Major upgrade of Fram from 2023-10-16 08:00 CET to 2023-10-25 15:06 CET
Dear Fram user,
The operating system (OS) upgrade on Fram is now done, and we have opened the cluster for jobs again. Fram now runs Rocky Linux 9.2 as base operative system, and has Slurm version 23.02.
This has been a major upgrade - in fact, all machines in Fram have been reinstalled from scratch. It is therefore inevitable that some things have changed, and there will some things that do not work yet. We will try and fix problems as they occur. Please do report problems you see.
The ssh host keys of the login nodes have been updated. The fingerprints of the updated keys are listed here: https://documentation.sigma2.no/getting_started/fingerprints.html
Because the base OS changed, the software modules have been reinstalled. Note that only the EasyBuild toolchain versions 2021b and newer have been installed, so you might have to update your job scripts to use newer modules. Also note that not all software has been reinstalled yet. Please let us know if you are missing some programs.

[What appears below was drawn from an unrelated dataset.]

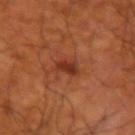notes: no biopsy performed (imaged during a skin exam) | lesion size: about 3 mm | patient: male, about 65 years old | image-analysis metrics: a lesion area of about 4 mm², an outline eccentricity of about 0.85 (0 = round, 1 = elongated), and a shape-asymmetry score of about 0.35 (0 = symmetric); a lesion color around L≈36 a*≈29 b*≈33 in CIELAB, a lesion–skin lightness drop of about 10, and a normalized border contrast of about 8.5 | imaging modality: ~15 mm crop, total-body skin-cancer survey | location: the right upper arm.

As a special case, we now have direct access to both VASP5.4.4 and VASP6.4.2 (no need to load VASPModules or VASPExtra beforehand). The available binaries include standard (vasp_std), noncollinear (vasp_ncl), and gamma point (vasp_gam). Further modules will be introduced shortly. Other modules and adjustments can be provided upon special request.
The change of base OS also means that you have to recompile software that you had compiled before.
The new version of Slurm should mostly work like the old one. One notable change is that if you use “srun” in jobs (submitted with “sbatch” or “salloc”) and you have specified “–cpus-per-task=N” for the job, you have to specify “–cpus-per-task=N” (or “-c N” for short) also on the “srun” command line for the tasks to get access to exactly N cores each. The default is that they get access to all cores the job has on each node. Alternatively, you can use the “–cpu-bind” option to explicitly bind tasks. See “man srun” for details.
Another change is that now both “squeue” and “scancel” have a “–me” switch, which is handy for listing or cancelling your own jobs.
The Login node 3 will be rebooted at 11:00 and the downtime will be just a few minutes.
File access will be unavailable during this event.
This maintenance is now starting as planned.
The maintenance has now started. One of the login nodes, login-3.fram.sigma2.no, is still up and available, so you can access your files on it. But you must log in directly to it with
ssh login-3.fram.sigma2.no or similar.
The operating system (OS) on Fram will be upgraded starting October 16. This is a major upgrade, and will take up to two weeks. During the upgrade, Fram will be unavailable.
After the upgrade, you will most likely have to recompile any software that you have compiled on Fram today. If possible, the login nodes will be made available a little before the rest, so you can start testing and recompiling software.
The main reason for the upgrade is that the current OS is very old, and soon will not receive any more security updates.
During the downtime, we will upgrade the OS on Fram to the latest version of Rocky. (Rocky is a RedHat clone, just like CentOS that Fram is running on today.) We will also upgrade the queue system (Slurm).
The software available via “module load” will be reinstalled. We will install the 2021b toolchain and newer (i.e., the four latest versions). This does mean that not all old versions of all software will be avaialable after the upgrade. If you use software older than this, it would be a good idea to start using newer versions now, if
possible. Please also note that there might be some software packages that will not be reinstalled by the time Fram goes into production. They will be handled as soon as possible.
Also note that the ssh keys on Fram login nodes will change. We will document the new key fingerprints when we open up after the upgrade.
When the upgrade is done, Fram will still run the same “flavour” of Linux (RedHat) as now, so you should be able to work mostly as you do today. But there will be commands and things that have changed or work differently, so you will probably have to do some changes.